WARNER, SETH. (1743–1784). Militia officer. Vermont. Born in Woodbury (later Roxbury), Connecticut, on 6 May 1743, Warner moved with his family to Bennington, Vermont, in 1763 and became a leader of the Green Mountain Boys. On 9 March 1774 he was outlawed by New York, and a reward was offered for his arrest. He took part in the capture of Ticonderoga on 10 May 1775 and occupied Crown Point two days later. At a council held at the latter the next month, he and Ethan Allen were named to ask Congress to create a Green Mountain regiment in the Continental army. Their mission was successful, and on 26 July, Warner was elected commander with the rank of lieutenant colonel.

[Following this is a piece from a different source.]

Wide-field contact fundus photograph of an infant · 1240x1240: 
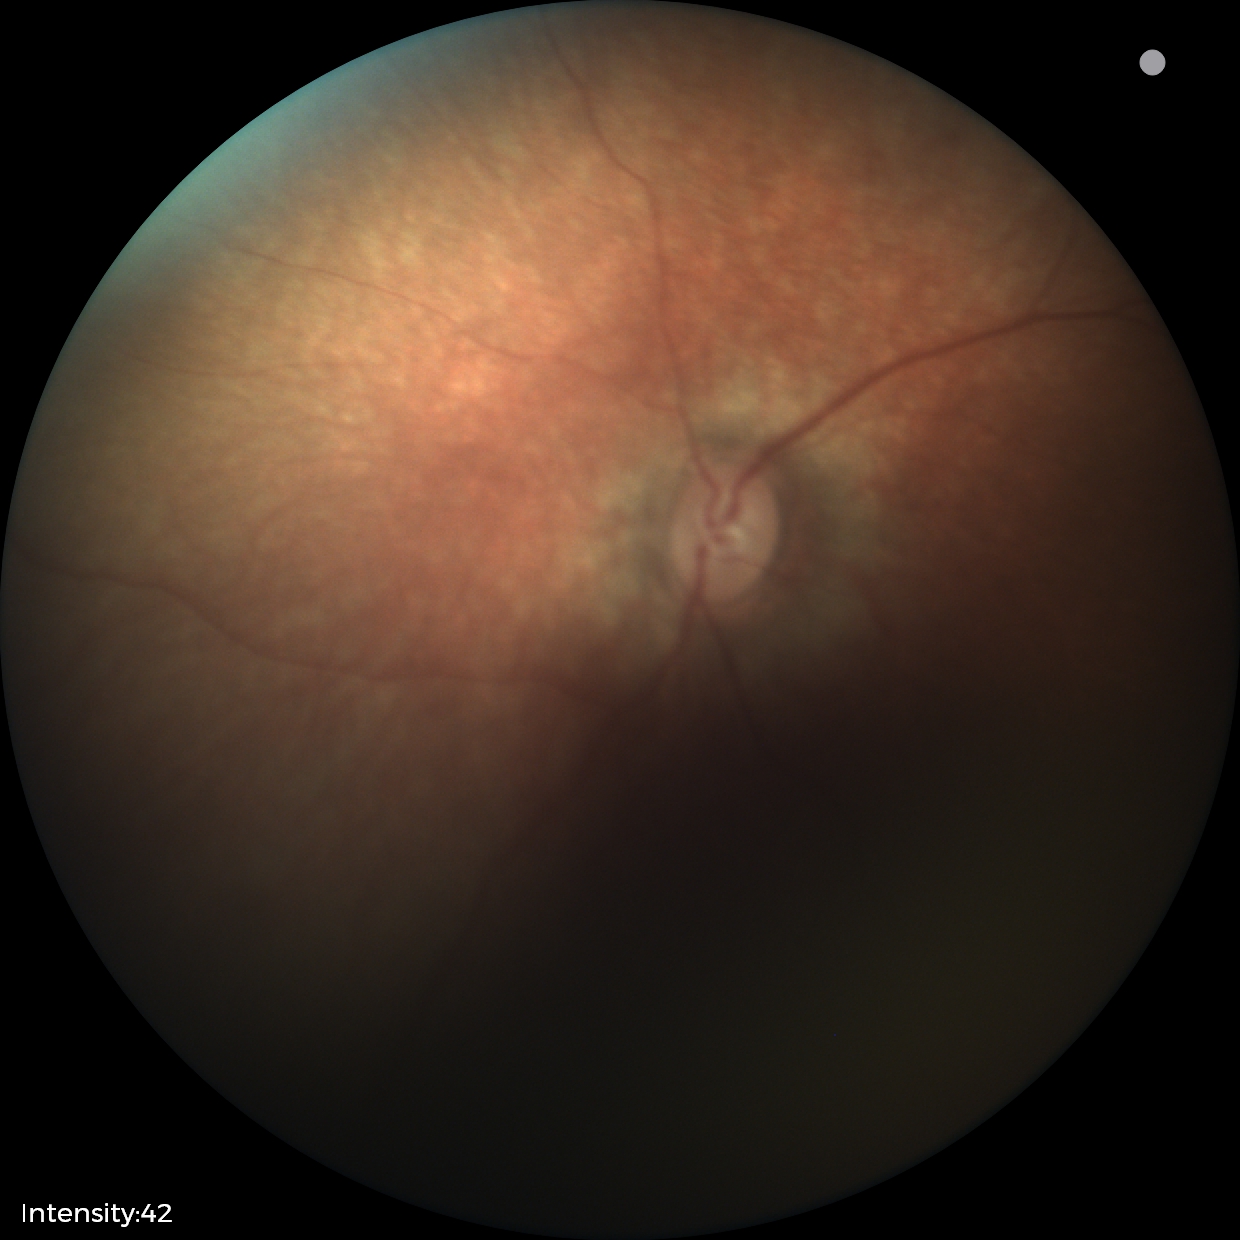
Normal screening examination.

Returning to Lake Champlain, he joined Montgomery's wing of the Canada invasion and fought at Longueuil on 31 October 1775, defeating a far superior British force. In the retreat from Canada he commanded rear guard actions and also raised reinforcements in Vermont. At Hubbardton on 7 July 1777, his rear guard was surprised and defeated. Rallying his forces, Warner arrived for the final and decisive phase of the Battle of Bennington on 16 August 1777. In October the Green Mountain Regiment joined the forces of General Horatio Gates at Stillwater. On 20 March 1778 he was promoted to brigadier general of Vermont militia, having been given the grade of colonel of one of the Additional Continental Regiments on 5 July 1776. Warner and his regiment spent the rest of the war at various northern outposts. In 1780 he was wounded during a skirmish with Indians on Lake George.

Warner's constant hard service left him in declining health. He and his regiment were retired on 1 January 1783. He died at his home in Woodbury on 26 December 1784.

SEE ALSO Additional Continental Regiments; Bennington Raid; Crown Point, New York; Gates, Horatio; Green Mountain Boys; Hubbardton, Vermont; Longueuil, Canada; Ticonderoga, New York, American Capture of.

BIBLIOGRAPHY

Bellesiles, Michael. Revolutionary Outlaws: Ethan Allen and the Struggle for Independence on the Early American Frontier. Charlottesville: University Press of Virginia, 1993.

Chipman, Daniel. The Life of Colonel Seth Warner. Burlington, Vt.: C. Goodrich, 1858.